*** Opening RECORD EXCERPTS ***

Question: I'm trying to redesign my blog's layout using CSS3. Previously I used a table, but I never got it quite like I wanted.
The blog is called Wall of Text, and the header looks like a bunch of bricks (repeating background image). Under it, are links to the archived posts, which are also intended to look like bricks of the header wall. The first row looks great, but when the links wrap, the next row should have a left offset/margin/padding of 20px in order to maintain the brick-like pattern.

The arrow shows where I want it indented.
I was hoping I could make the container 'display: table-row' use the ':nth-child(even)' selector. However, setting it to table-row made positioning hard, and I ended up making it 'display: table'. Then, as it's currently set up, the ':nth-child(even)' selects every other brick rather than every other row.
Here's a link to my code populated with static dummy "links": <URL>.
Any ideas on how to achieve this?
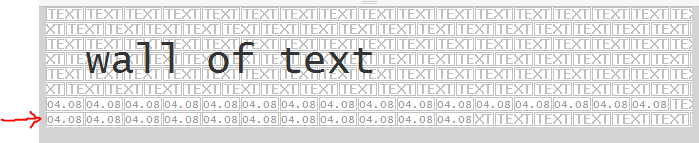
Answer: is to determine where new lines begin. If all the bricks have identical width, you can calculate the amount of bricks per line if you also know the sum width of all bricks, and that of the container.
'''
// width of bricks container
var cont_width = document.getElementsByClassName('bricks')[0].offsetWidth;
// width of all bricks
var bricks_width = 0;
var bricks = document.getElementsByClassName('brick');
for (var i = 0; i < bricks.length; i++) {
bricks_width += bricks[i].offsetWidth;
}
'''
is to add some margin (negative maybe?) to every second line's first element. In the above code snippet we have all the brick elements in 'var bricks', and we can iterate over those once again, something like this:
'''
var bricksPerLine = Math.floor(bricks.length / (bricks_width / cont_width));
var bAlt = false;
for (var i = 0; i < bricks.length; i++) {
if (i % bricksPerLine == 0) {
if (!bAlt) {
bAlt = true;
bricks[i].style.marginLeft = '-20px'
} else {
bAlt = false;
}
}
}
'''
<URL>
---
: If your website uses a responsive design, you need to call this code on every resize. Also, as you may see, the code can be optimized in several spots.
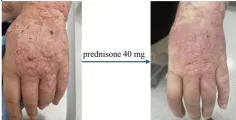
Evolution of clinical events and skin changes. ALND, axillary lymph node dissection; AC, anthracycline-doxorubicine; PXL, paclitaxel.
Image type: medical_photograph (skin_photograph)
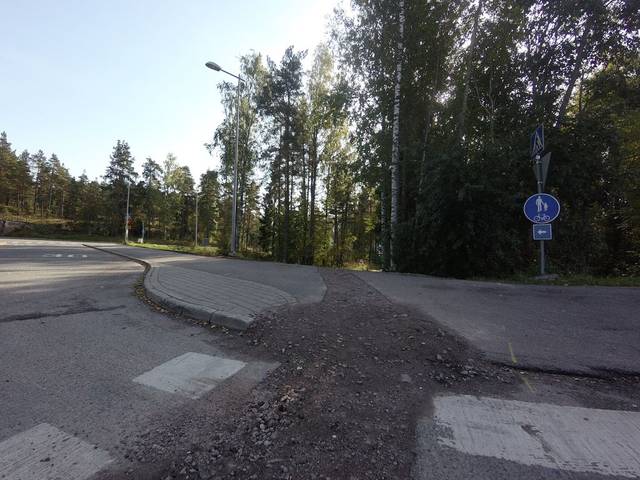
Region: Finland
Coordinates: 60.17, 24.626
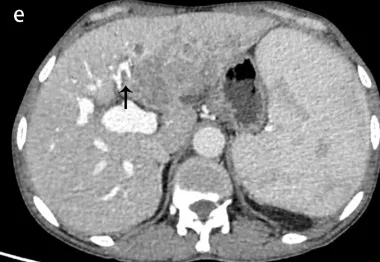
Presentation of two downstaged patients with HCC. (E) Contrast-enhanced CT showed tumor thrombus in the left main trunk of the portal vein with enhancement during the portal venous phase (black arrow).
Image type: radiology (ct)
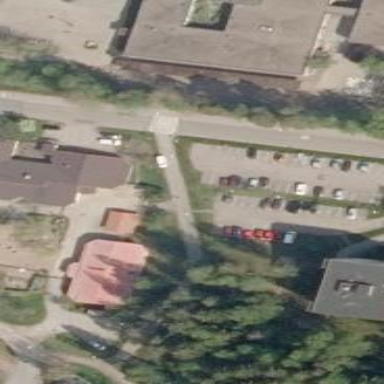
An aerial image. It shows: Paved parking area.
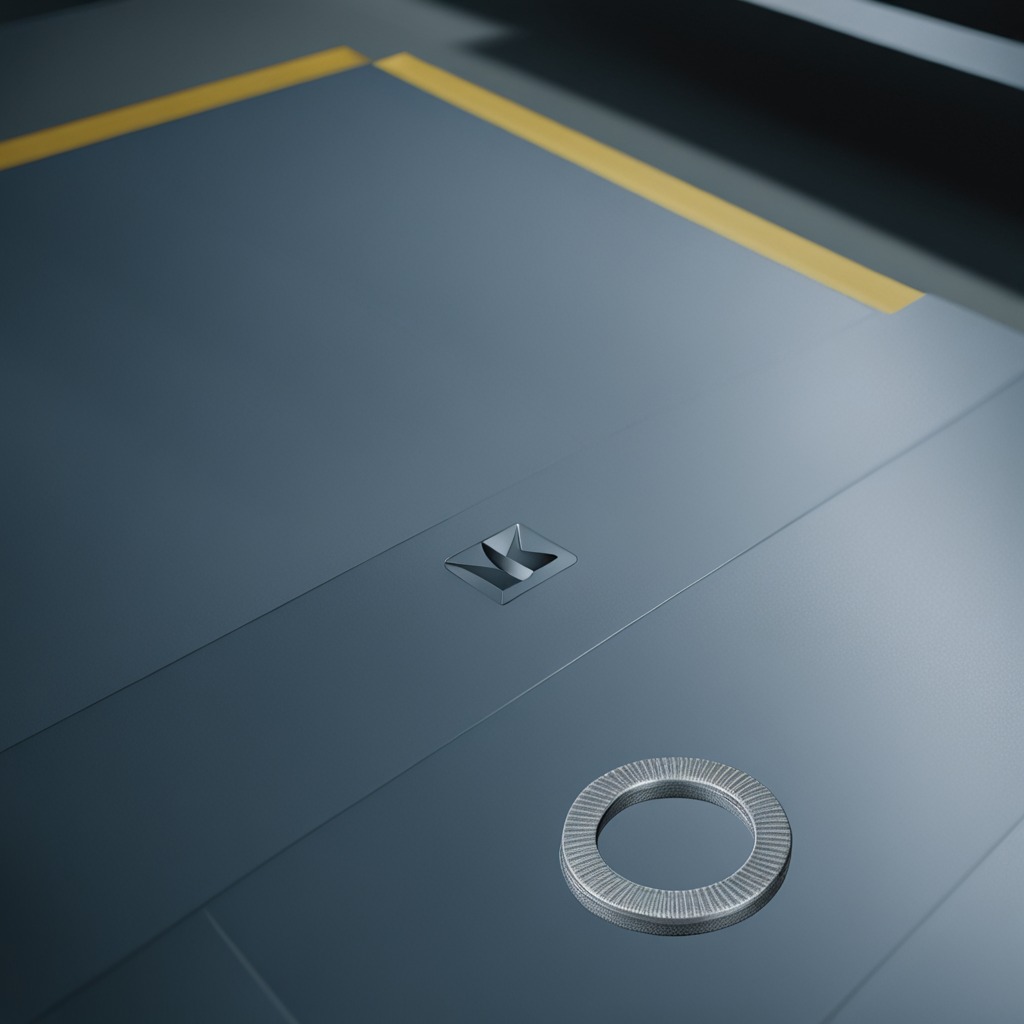
A flat metal washer is lying on the toolbox surface in an airplane hangar workshop.
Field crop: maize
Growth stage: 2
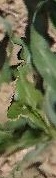
Species: maize
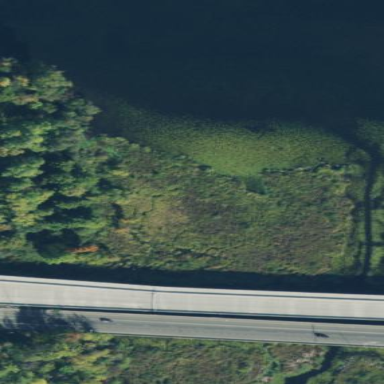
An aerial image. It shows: Reedbed in wetland area.
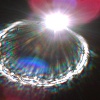
Label: sunburn
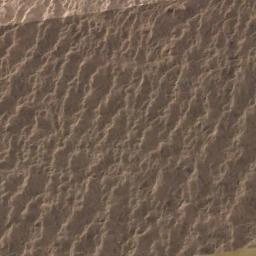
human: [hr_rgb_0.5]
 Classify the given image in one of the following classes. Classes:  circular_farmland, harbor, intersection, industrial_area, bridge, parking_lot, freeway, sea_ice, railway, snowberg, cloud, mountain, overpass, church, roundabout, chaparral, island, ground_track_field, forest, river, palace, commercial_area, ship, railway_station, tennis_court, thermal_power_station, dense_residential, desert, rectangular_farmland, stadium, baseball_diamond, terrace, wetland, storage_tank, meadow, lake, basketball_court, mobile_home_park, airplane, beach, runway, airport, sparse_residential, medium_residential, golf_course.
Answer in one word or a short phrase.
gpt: desert
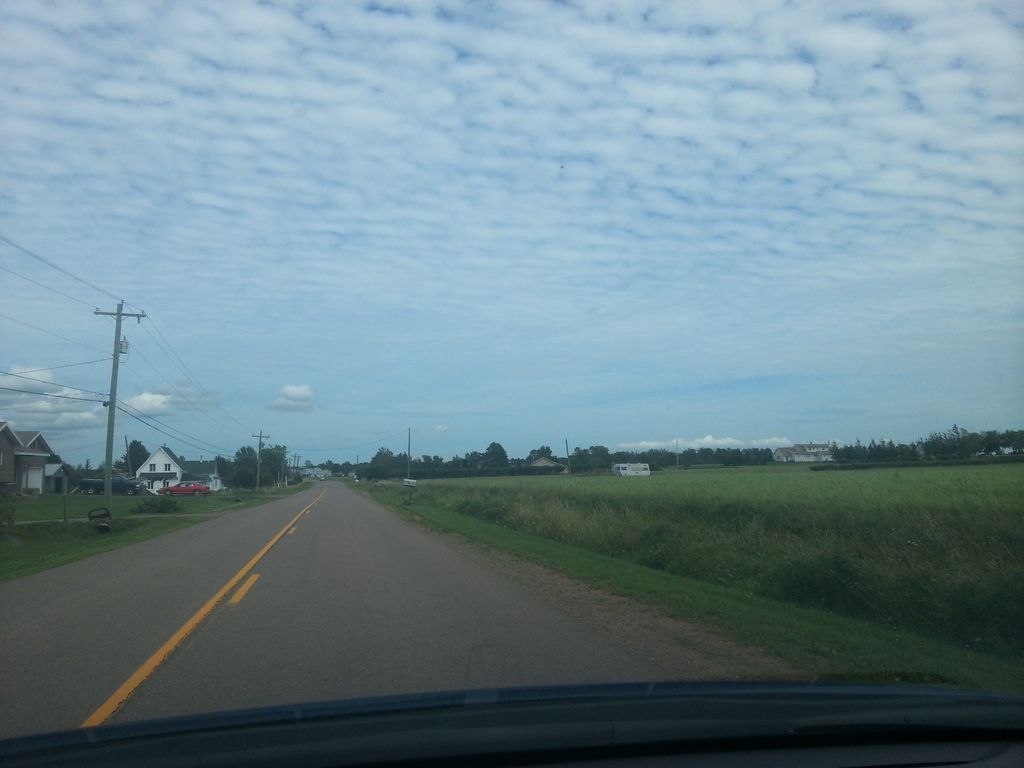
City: charlottetown
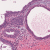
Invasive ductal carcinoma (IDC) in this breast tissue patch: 0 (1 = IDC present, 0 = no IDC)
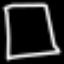
Label: square
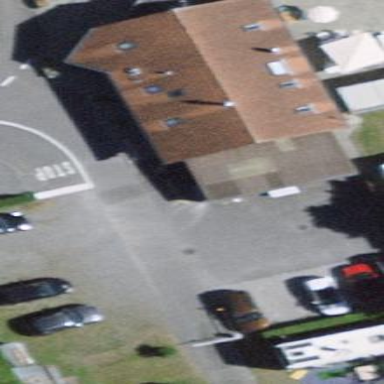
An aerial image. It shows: Hotel building.
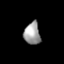
Tissue: lung
Cell type: Others
Senescence score: 0.2014
Nuclear area (px): 356
Mean DAPI intensity: 157.461
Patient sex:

*** Closing RECORD EXCERPTS ***

Using the entries above, work out how many lines include the word "desert", and give only that count.

=== TASK RESPONSE ===
2